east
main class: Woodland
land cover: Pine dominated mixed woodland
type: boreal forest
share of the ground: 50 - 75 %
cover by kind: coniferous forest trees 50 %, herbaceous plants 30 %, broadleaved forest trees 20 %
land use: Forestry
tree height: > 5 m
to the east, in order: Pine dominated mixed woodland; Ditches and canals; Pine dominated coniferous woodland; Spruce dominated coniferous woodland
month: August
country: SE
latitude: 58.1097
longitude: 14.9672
...
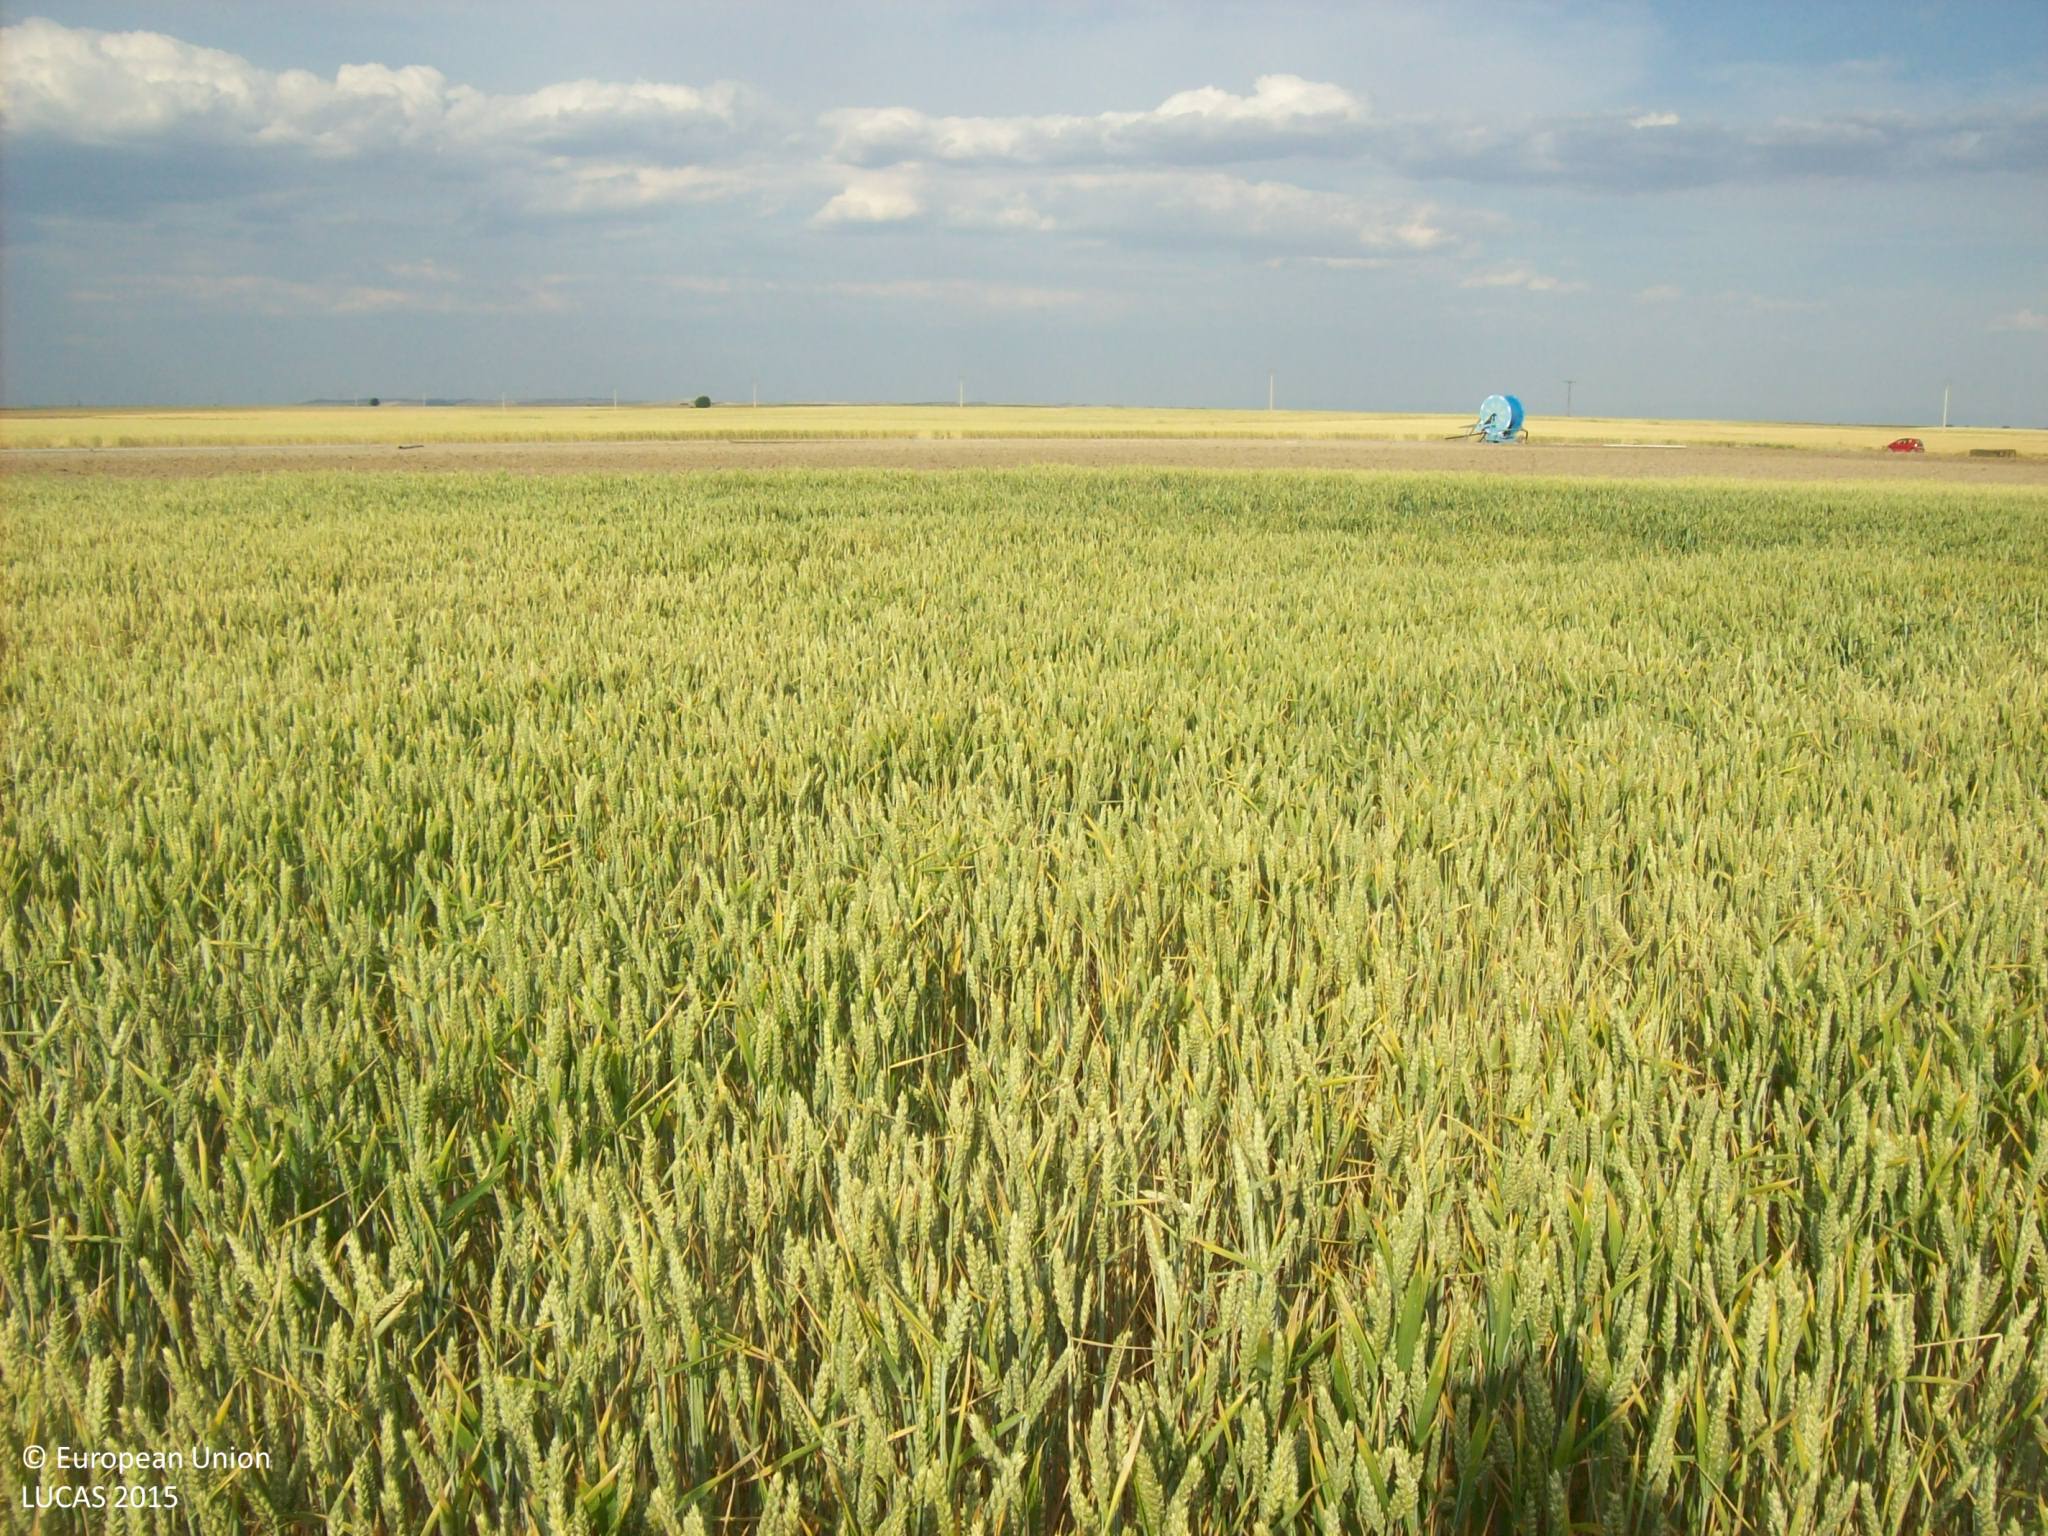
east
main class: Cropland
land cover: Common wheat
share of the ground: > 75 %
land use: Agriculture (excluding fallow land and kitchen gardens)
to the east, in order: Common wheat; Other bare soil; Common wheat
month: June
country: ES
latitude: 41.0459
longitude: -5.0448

**Work item**
Using the data above, repeat exactly the lines that begin at the line with "main class: Woodland" and end at the line with "tree height: > 5 m", both ends included.

**Written solution**
main class: Woodland
land cover: Pine dominated mixed woodland
type: boreal forest
share of the ground: 50 - 75 %
cover by kind: coniferous forest trees 50 %, herbaceous plants 30 %, broadleaved forest trees 20 %
land use: Forestry
tree height: > 5 m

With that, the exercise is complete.